# Solve by Method of Variation of Parameters : ( D 2 − 6 D + 9 ) Y = E 3 X X 2 - Applied Mathematics 2

Sum

Solve by method of variation of parameters :(D^2-6D+9)y=e^(3x)/x^2

#### Solution

(D^2-6D+9)y=e^(3x)/x^2
For complementary solution ,
𝒇(𝑫)=𝟎

therefore(D^2-6D+9)=0

Roots are : D = 3 , 3 Real roots but repeatative.
The complementary solution of given diff. eqn is ,

therefore y_c=(c_1+xc_2)e^(3x)

For particular solution ,
By method of variation of parameters,

y_p=y_1p_1+y_2p_2

where p_1=int(-y_2X)/wdx

p_2=int(-y_1X)/wdx

w=|(y_1,y_2),(y'_1,y'_2)|

w=|(e^(3x),xe^(3x)),(3e^(3x),e^(3x)+3xe^(3x))|=e^(6x)

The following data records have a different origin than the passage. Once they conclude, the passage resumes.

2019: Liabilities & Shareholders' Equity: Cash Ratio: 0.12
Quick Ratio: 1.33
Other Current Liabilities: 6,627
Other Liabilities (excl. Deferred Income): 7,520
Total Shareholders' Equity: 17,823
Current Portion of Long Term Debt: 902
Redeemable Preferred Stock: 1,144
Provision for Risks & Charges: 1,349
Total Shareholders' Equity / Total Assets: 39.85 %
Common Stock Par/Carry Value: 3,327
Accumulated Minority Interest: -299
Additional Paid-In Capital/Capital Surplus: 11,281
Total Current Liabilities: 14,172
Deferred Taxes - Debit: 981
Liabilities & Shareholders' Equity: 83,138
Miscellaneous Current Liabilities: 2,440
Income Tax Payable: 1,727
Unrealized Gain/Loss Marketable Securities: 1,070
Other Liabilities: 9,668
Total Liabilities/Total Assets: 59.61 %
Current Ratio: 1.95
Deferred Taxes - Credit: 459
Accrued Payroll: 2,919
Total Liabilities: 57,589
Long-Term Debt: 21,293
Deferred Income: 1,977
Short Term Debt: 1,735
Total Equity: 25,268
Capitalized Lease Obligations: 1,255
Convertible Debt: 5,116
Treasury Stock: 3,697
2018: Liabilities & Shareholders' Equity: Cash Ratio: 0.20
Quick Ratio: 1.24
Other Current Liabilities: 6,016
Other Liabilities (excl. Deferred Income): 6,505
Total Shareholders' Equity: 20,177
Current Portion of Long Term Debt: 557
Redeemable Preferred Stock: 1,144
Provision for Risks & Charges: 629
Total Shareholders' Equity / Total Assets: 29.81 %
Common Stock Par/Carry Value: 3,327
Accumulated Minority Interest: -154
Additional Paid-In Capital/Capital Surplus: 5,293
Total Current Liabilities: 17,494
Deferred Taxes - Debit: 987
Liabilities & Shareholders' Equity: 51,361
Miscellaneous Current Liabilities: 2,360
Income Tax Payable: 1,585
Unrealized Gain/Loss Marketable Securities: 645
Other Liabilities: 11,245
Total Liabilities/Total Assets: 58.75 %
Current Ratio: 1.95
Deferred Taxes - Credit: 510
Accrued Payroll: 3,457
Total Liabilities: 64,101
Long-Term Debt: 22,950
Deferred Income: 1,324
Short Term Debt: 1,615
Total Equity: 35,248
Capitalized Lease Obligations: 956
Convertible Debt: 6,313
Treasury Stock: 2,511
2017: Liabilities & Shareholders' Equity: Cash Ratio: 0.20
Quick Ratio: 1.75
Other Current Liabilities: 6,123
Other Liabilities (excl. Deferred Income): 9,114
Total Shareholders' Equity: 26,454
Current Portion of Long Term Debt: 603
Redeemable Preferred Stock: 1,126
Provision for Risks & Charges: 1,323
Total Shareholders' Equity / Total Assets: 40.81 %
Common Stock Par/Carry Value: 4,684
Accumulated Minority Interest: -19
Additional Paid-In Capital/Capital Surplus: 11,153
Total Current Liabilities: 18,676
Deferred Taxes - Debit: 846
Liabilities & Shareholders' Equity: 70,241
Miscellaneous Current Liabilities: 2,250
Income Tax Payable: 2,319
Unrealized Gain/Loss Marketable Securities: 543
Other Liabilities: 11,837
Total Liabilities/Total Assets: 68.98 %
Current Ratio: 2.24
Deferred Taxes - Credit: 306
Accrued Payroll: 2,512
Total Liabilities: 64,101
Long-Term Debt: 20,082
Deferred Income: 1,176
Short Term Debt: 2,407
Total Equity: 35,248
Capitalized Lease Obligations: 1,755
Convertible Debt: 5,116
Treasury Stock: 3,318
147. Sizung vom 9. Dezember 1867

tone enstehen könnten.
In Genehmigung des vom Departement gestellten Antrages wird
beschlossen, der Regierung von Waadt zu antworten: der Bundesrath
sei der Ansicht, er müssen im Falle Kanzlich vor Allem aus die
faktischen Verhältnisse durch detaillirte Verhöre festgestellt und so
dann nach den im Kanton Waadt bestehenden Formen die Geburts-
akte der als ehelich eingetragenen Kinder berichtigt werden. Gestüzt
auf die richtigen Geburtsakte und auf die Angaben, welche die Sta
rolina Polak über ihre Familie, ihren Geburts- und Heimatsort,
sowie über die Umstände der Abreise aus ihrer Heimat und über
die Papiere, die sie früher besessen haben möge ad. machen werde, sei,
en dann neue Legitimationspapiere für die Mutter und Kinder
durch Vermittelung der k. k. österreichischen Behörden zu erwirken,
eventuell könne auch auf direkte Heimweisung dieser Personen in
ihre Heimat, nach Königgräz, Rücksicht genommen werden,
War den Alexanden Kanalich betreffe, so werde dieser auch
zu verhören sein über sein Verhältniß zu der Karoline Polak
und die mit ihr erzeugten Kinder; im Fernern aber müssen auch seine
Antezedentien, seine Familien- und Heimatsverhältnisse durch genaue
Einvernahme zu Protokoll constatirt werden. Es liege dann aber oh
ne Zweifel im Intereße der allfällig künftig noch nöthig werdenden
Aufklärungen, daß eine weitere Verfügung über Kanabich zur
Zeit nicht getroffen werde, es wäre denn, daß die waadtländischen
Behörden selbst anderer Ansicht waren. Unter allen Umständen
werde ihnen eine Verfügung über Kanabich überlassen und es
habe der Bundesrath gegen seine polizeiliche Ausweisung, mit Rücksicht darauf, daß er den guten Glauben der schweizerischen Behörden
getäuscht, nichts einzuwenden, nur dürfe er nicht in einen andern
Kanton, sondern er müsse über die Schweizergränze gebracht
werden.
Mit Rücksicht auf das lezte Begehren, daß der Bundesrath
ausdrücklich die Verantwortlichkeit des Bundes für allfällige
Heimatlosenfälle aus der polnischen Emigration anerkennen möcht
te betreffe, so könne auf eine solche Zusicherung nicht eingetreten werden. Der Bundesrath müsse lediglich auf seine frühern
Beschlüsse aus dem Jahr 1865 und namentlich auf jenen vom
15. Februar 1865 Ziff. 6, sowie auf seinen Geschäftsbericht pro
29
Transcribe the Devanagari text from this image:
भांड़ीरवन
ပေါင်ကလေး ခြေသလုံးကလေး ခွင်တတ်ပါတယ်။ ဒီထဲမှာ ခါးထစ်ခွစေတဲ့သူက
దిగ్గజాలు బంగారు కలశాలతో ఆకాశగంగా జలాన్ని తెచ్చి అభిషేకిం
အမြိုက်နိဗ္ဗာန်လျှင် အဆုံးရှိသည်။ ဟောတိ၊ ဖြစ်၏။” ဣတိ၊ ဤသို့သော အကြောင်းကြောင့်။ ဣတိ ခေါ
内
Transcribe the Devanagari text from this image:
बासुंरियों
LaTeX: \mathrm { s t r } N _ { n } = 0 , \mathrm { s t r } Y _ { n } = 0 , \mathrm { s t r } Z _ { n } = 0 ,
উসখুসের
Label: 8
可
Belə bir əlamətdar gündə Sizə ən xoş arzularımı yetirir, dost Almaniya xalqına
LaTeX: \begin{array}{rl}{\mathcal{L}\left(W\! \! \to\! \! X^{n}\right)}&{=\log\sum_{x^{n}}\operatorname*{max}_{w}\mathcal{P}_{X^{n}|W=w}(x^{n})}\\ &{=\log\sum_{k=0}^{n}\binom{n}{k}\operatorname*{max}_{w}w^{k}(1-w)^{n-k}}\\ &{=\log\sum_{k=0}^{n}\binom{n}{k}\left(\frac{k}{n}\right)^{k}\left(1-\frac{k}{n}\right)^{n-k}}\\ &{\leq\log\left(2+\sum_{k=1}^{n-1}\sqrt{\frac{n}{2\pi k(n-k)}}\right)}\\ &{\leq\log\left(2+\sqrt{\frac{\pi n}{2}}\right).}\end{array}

p_1=int(-y_2X)/wdx=int(xe^(3x))/e^(6x).e^(3x)/x^2dx=int(-1)/xdx=-logx

p_2=int(-y_1X)/wdx=int(e^(3x))/e^(6x).e^(3x)/x^2dx=int(1)/x^2dx=(-1)/x

The particular integral of given diff. eqn is given by,

thereforey_p=-e^(3x)logx-e^(3x)=-e^(3x)(logx+1)

The general solution of given diff. eqn is given by ,

y_g=y_c+y_p=(c_1+xc_2)e^(3x)=-e^(3x)(logx+1)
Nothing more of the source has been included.